Algorithm for getting an area from line data (CAD fill algorithm)

Question

I am searching for an algorithm which calculates, from a list of lines, the area a given point (P) is in. The lines are stored with x and y coordinates, the resulting area schould be stored as a polygon which may has holes in it.

Here two images to illustrate what I mean:

Many CAD applications use such algorithms to let the user hatch areas. I don't know how to call such a method so I don't really know what to search for.

Edit 1: To clearify what I'm looking for:

I don't need an algorithm to calculate the area of a polygon, I need an algorithm which returns the polygon which is formed by lines around P. If P is outside any possible polygon, the algorithm fails.

(I also edited the images)

Edit 2: I read the accepted answer of this possible duplicate and it seams I'm looking for a point location algorithm. I also stumpled across this site which does exactly explains what I'm looking for and more important it led me to the open-source CGAL library which provides the functionality to do such things. Point 4.6 of the CGAL manual gives an example how to use this library to form a region from a bunch of line segments.

Answer 1

One way to do it is to imagine a line from P to infinity. For each polygon test each edge to see if it crosses the line. Count up how many lines cross. If its even then the point is outside the polygon, if its odd then the point is inside the polygon.

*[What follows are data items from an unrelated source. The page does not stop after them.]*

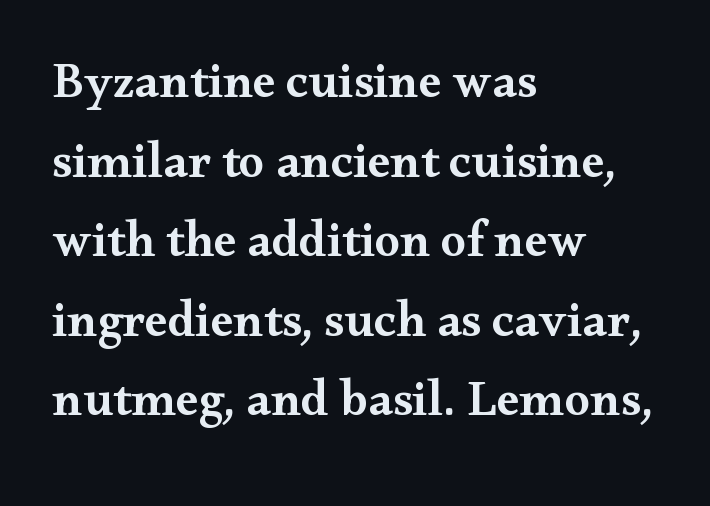
The image shows 51 px semibold, wide serif type, upright; set left-aligned, normal line spacing (1.56x), normal letter spacing, not underlined; medium stroke contrast and a small x-height.
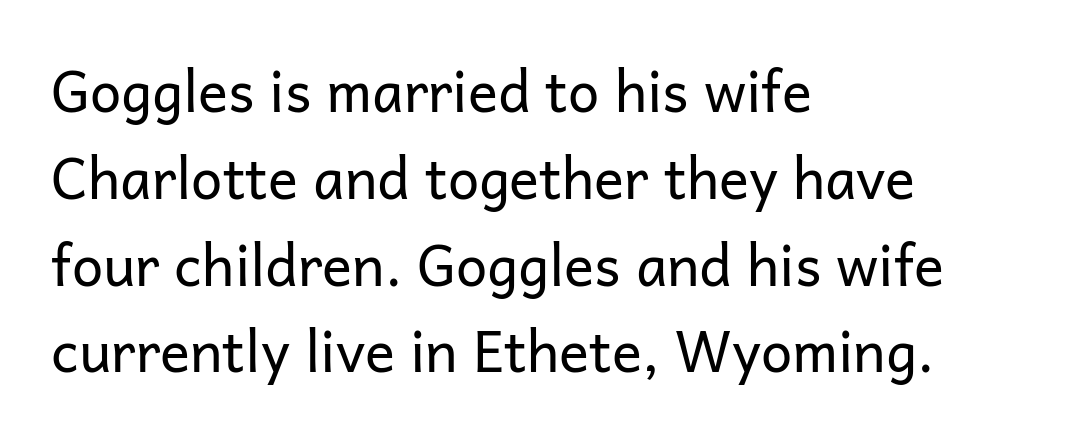
The image shows 56 px regular-weight sans-serif type, upright; set left-aligned, normal line spacing (1.55x), normal letter spacing, not underlined; low stroke contrast and a medium x-height.
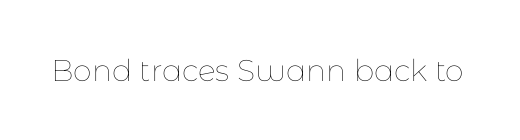
Q: Is the text bold? A: No.
Q: Is the text italic (slanted)? A: No, it is upright.
Q: Is the text underlined? A: No.
Q: Is the spacing between letters normal or unusually wide? A: Normal.
Q: Width (condensed, normal, or wide)? A: Normal.
Q: Stroke contrast? A: Low.
Q: x-height? A: Medium.
Q: Monospaced? A: No.
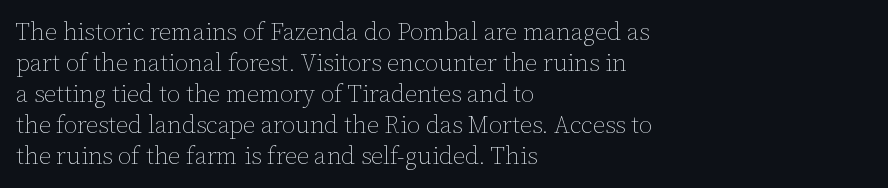
Q: Is the text bold? A: No.
Q: Is the text italic (slanted)? A: No, it is upright.
Q: Is the text underlined? A: No.
Q: How is the paragraph aligned? A: Left-aligned.
Q: Is the spacing between letters normal or unusually wide? A: Normal.
Q: Is the spacing between lines tight, normal or loose? A: Normal.
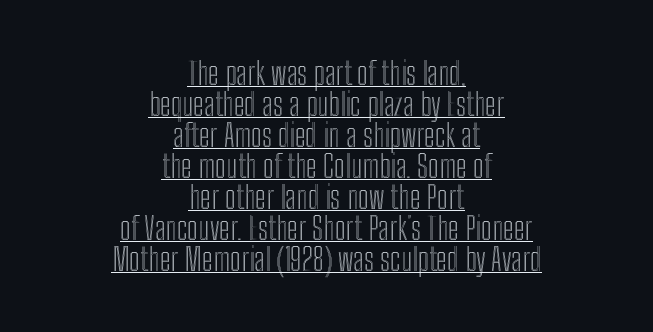
Q: Is the text italic (slanted)? A: No, it is upright.
Q: Is the text underlined? A: Yes.
Q: How is the paragraph aligned? A: Centered.
Q: Is the spacing between letters normal or unusually wide? A: Normal.
Q: Is the spacing between lines tight, normal or loose? A: Tight.
Q: Width (condensed, normal, or wide)? A: Condensed.
Q: x-height? A: Medium.
Q: Monospaced? A: No.
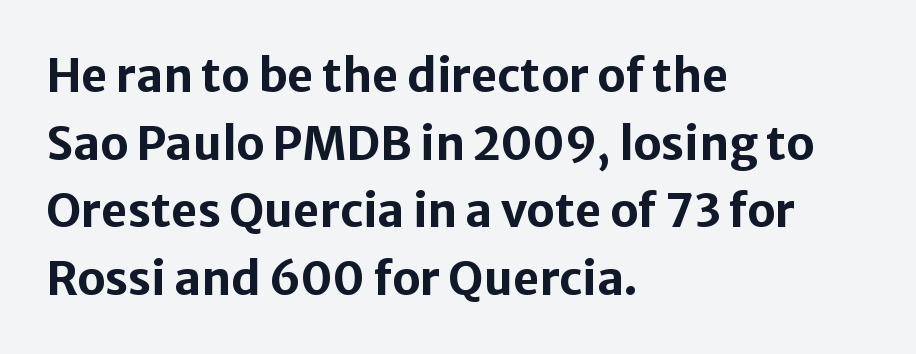
{"serif": "no", "italic": "no", "bold": "yes", "weight": "bold", "width": "normal", "stroke_contrast": "low", "x_height": "medium", "monospaced": "no", "underline": "no", "align": "left", "line_spacing": "normal", "line_spacing_ratio": 1.47, "letter_spacing": "normal", "letter_spacing_em": 0.0, "glyph_px": 46}
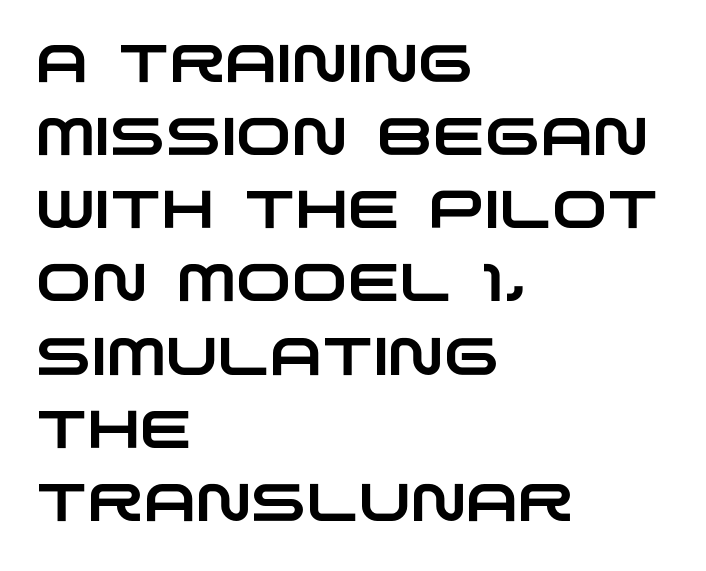
A normal amount of white space separates one row of letters from the next. Tracking value appears to be zero — textbook default spacing. Character widths vary here, with narrow letters taking less room than wide ones. The passage shown is typeset with a sans-serif family. The rendering anchors every line to the left-hand side.
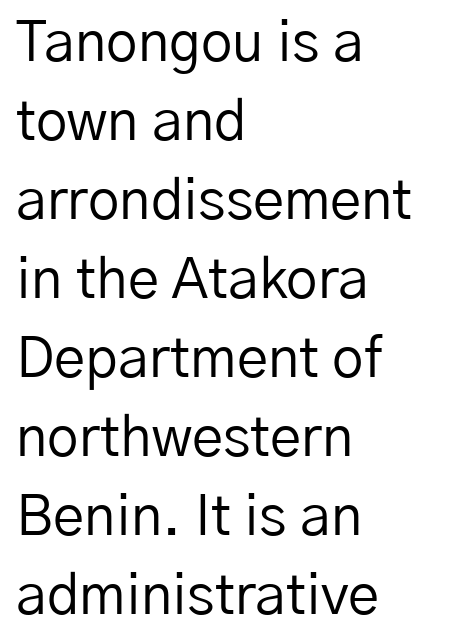
Q: Is the text bold? A: No.
Q: Is the text italic (slanted)? A: No, it is upright.
Q: Is the typeface a serif or a sans-serif typeface? A: Sans-serif.
Q: Is the text underlined? A: No.
Q: How is the paragraph aligned? A: Left-aligned.
Q: Is the spacing between letters normal or unusually wide? A: Normal.
Q: Is the spacing between lines tight, normal or loose? A: Normal.
Q: Width (condensed, normal, or wide)? A: Normal.
Q: Stroke contrast? A: Low.
Q: x-height? A: Medium.
Q: Monospaced? A: No.
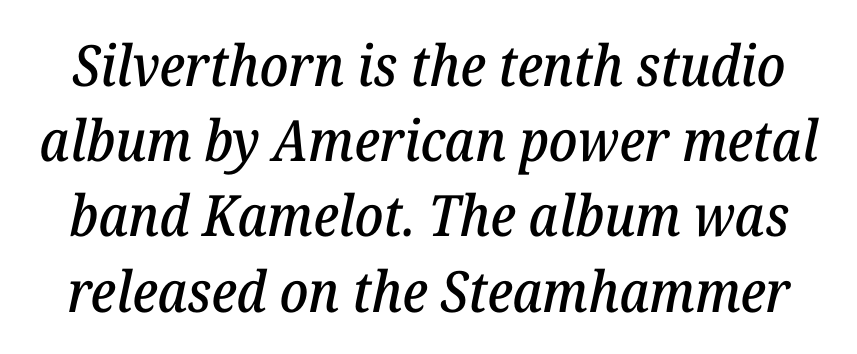
To sum up the face: it has serifs. Nobody touched the tracking dial on this one. Slanted lettering throughout. This rendering features lettering with no underline.

This is a fairly standard mathematical result. If you want to get a little deeper into the subject have a look at https://en.wikipedia.org/wiki/Winding_number .

I did a fairly similar things earlier this week Detecting Regions Described by Lines on HTML5 Canvas this calculates a the polygon around a point given a set of lines. You can see a working example at the jsfiddle mentioned in the answer the difference is that it uses infinite mathematical lines rather than line segments, but it could easily be modified for this example.

An outline algorithm

First construct two data-structures one of line-segments one of intersection-points of line-segments. In each record which two lines give each intersection, so you can flip from one to the other. You can get this by pair-wise intersection of line-segments.

It might be easiest to cut the segments at the intersection points so each segment only have two solutions on it, one at each end. We assume we have done this.

Prune the data-structures, remove all line-segments with no intersections and only one segment - these cannot contribute.

Find possible starting lines. You could calculate the distance from each line to the point and take the smallest. You could check for intersections with a line from the point to infinity.

Walk around the polygon anti-clockwise. With you starting line find the most anti-clockwise end. At that point find the most anti-clockwise segment. Follow that and repeat. It may happen that closed loop is formed, in which case discard all the segments in the loop. Continue until you get back to the starting point.

Check if the polygon actually encloses the point. If so we are done. If not discard segments in the polygon and start again.